Missing the Point

Reading through John 9, I was struck again by the disciples’ question to Jesus.

Now as Jesus passed by, He saw a man who was blind from birth. And His disciples asked Him, saying, “Rabbi, who sinned, this man or his parents, that he was born blind?” (9:1-2)

Jesus and His disciples pass by a blind man on their way out of the temple mount. The blind man was probably begging for money from the temple goers (9:8).

Seeing the man…and realizing the difficult condition that he was in…a life of living in physical darkness and perpetually begging for money…the disciples ask one of the big theological questions of their day.

Who sinned? Him? Or his parents? What is the cause of his difficulty? Why is he in this pathetic condition? Is it his fault or is it rooted in some kind of generational sin?

The disciples ask the wrong question…and then give Jesus two wrong options for their wrong question.

They are so far off from the real issue that they don’t even realize it.

In their minds, the situation has to be the result of A or B. They couldn’t even fathom a C option. More than that, they couldn’t comprehend that the whole basis for their question was rooted in a short-sighted, human-level, black-or-white kind of perspective.
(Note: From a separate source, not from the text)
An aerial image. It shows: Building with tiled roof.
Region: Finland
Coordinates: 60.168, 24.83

Sometimes our A or B options…which we think cover the gamut of an issue…are not only inadequate…they are in the totally wrong ballpark! It would be like showing up at a stadium and saying, “Are the Astros playing the Yankees or the Red Sox tonight?” And the lady at the ticket office saying, “Sir, you are in Toronto. At a football stadium. And the Argonauts do not play until June.”
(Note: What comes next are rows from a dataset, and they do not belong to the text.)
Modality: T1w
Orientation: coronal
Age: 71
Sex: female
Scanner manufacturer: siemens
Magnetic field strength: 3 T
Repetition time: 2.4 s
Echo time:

Jesus answered, “Neither this man nor his parents sinned, but that the works of God should be revealed in him” (9:3).

Jesus blows the disciples’ categories out of the water.

The blind man’s condition has nothing to do with his personal sin or his parent’s sin. His condition was part of God’s bigger plan for his life…part of a bigger story…a story that spans from everlasting to everlasting…a story centered on the redemptive work of Jesus Christ. And this guy, despite his lifelong handicap and apparent “bad fortune,” actually gets a front row seat to the story. He gets to be the man who receives sight…who is healed by Jesus…who finds eternal life…who becomes a witness through the centuries of Jesus’ power and glory.

The story is bigger than our categories.

The story is bigger than time.

The story is bigger than us.

And we simply can’t fathom it all.

If we can’t see the picture from an eternal perspective, then we really can’t see. Think about it. How can you ever properly judge whether an event is good or bad if you can’t see the far-reaching implications of it? How can you even determine if your “advice” to someone or your “act of kindness” is really beneficial to them unless you see from a long-range, eternal perspective?

What looks good from a limited human perspective may actually turn out to be eternally destructive. What looks bad from a limited human perspective may actually turn out to be be eternally beneficial.

Truth and love can only be measured on an eternal scale.

Only Someone who sees the whole story can accurately tell us what is true…what is good…who we are…what we need…why we were created…how we are to live.

Is it possible that our categories are too small?

We get caught up in political issues…is it A or B? God invites us to see from an eternal, kingdom perspective. Every political group in Jesus’ day wanted to nail Him down. Are you a radical zealot ready to overthrow the Romans? Are you a religiously conservative Pharisee? Are you a religiously liberal Sadducee? What category do You fit in? Who are You going to align with? And Jesus disappointed and angered them all.

We get caught up in theological debates…is it A or B? Calvinism or Arminianism? Charismatic or non-charismatic? Young earth or old earth? Pre-millennial or A-millennial? Important debates with theological implications. But is it possible that our options are too small? That our formulations are too humanly logical? That our perspective is too limited?

Think about it. The chair you are sitting in right now is 99.999999% empty space held together by energy…and you are spinning at a 1000 mph right now sitting on the side of a giant ball suspended on nothing…hurtling through space at 500,000 mph. You can’t “see” any of these things…you can’t “feel” them. Your perspective is skewed and off-base using your natural senses…and you don’t even realize it.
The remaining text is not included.